According to Sklar, she didn’t have an advisor until a few weeks into the semester, and due to that, she decided to wait to start her research until after this semester. She also spoke to other colleges, graduate programs, and other graduate students, and said the research wasn’t heavily impacted by the pandemic.

Many of her peers do research either independently, or with one or two others assisting them with the research. If there were issues, she said that it could have came from shared office/lab space that could have halted the research being done there. She also added that if someone tested positive for COVID-19, the people they were working with, had to get tested and quarantined, and that would also halt the research being done during that period of time. It would take a bit of time to start that research back up, if some of the researchers were affected by COVID-19.

As for students in the STEM field and how their research has been affected by COVID-19, it is quite similar to teaching assistants and professors.

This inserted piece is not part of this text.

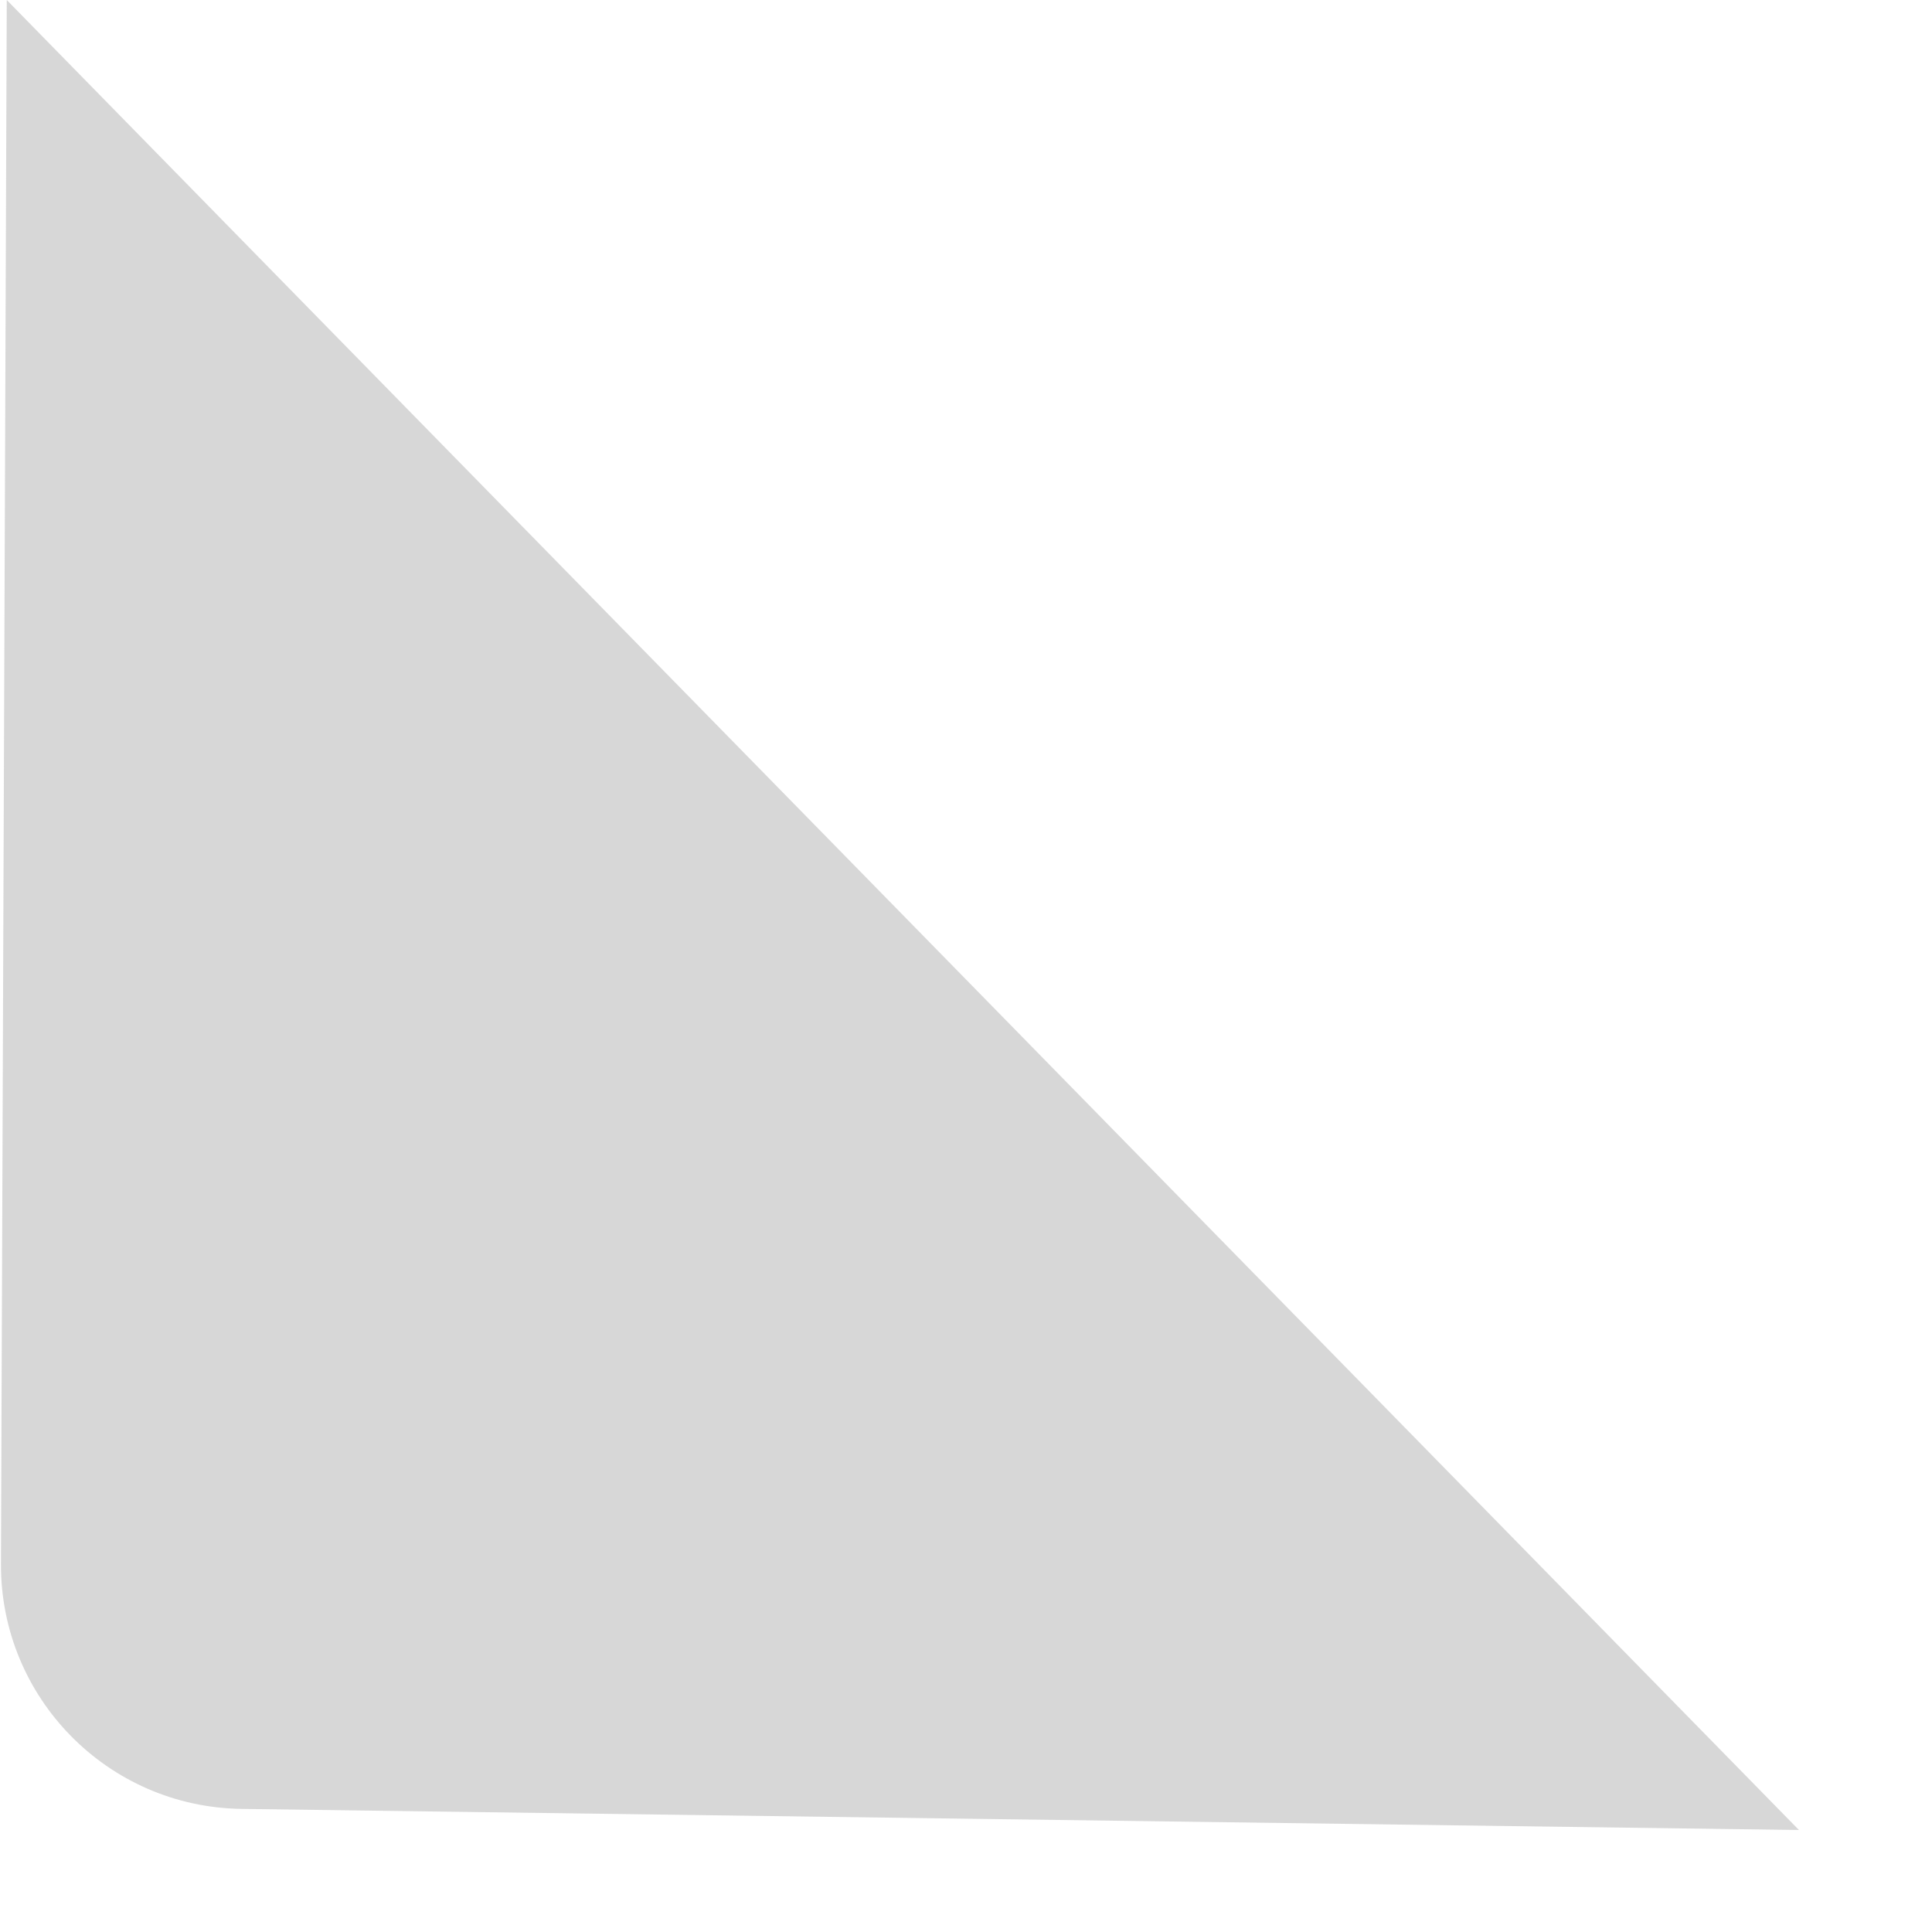 <?xml version="1.0" encoding="utf-8"?>
<svg xmlns="http://www.w3.org/2000/svg" fill="none" height="100%" overflow="visible" preserveAspectRatio="none" style="display: block;" viewBox="0 0 14 14" width="100%">
<path d="M1.751 13.108L13.036 13.261L0.049 0L0.007 11.333C0.003 12.303 0.781 13.095 1.751 13.108Z" fill="#CDCDCD" fill-opacity="0.8" id="Vector 1310"/>
</svg>

Ethan Layne, a STEM major at Georgia Southern, said that he has several clubs that would do research on campus before COVID-19 impacted it. They would get together in one of the stem buildings twice a week, and talk about their ideas and what research they would do for that next week.

According to Ethan, ever since COVID-19 happened, they have had to shift their club meetings online to zoom. He said it was because they didn’t want to risk it and wanted to take the safe route, and just shift to online club meetings for their research. They didn’t want to go online, but “felt like they had to because everyone in their clubs wanted to be safe about it,” said Ethan.

The COVID-19 pandemic has really affected students and professors in unique and different ways, and has clearly been shown the past year.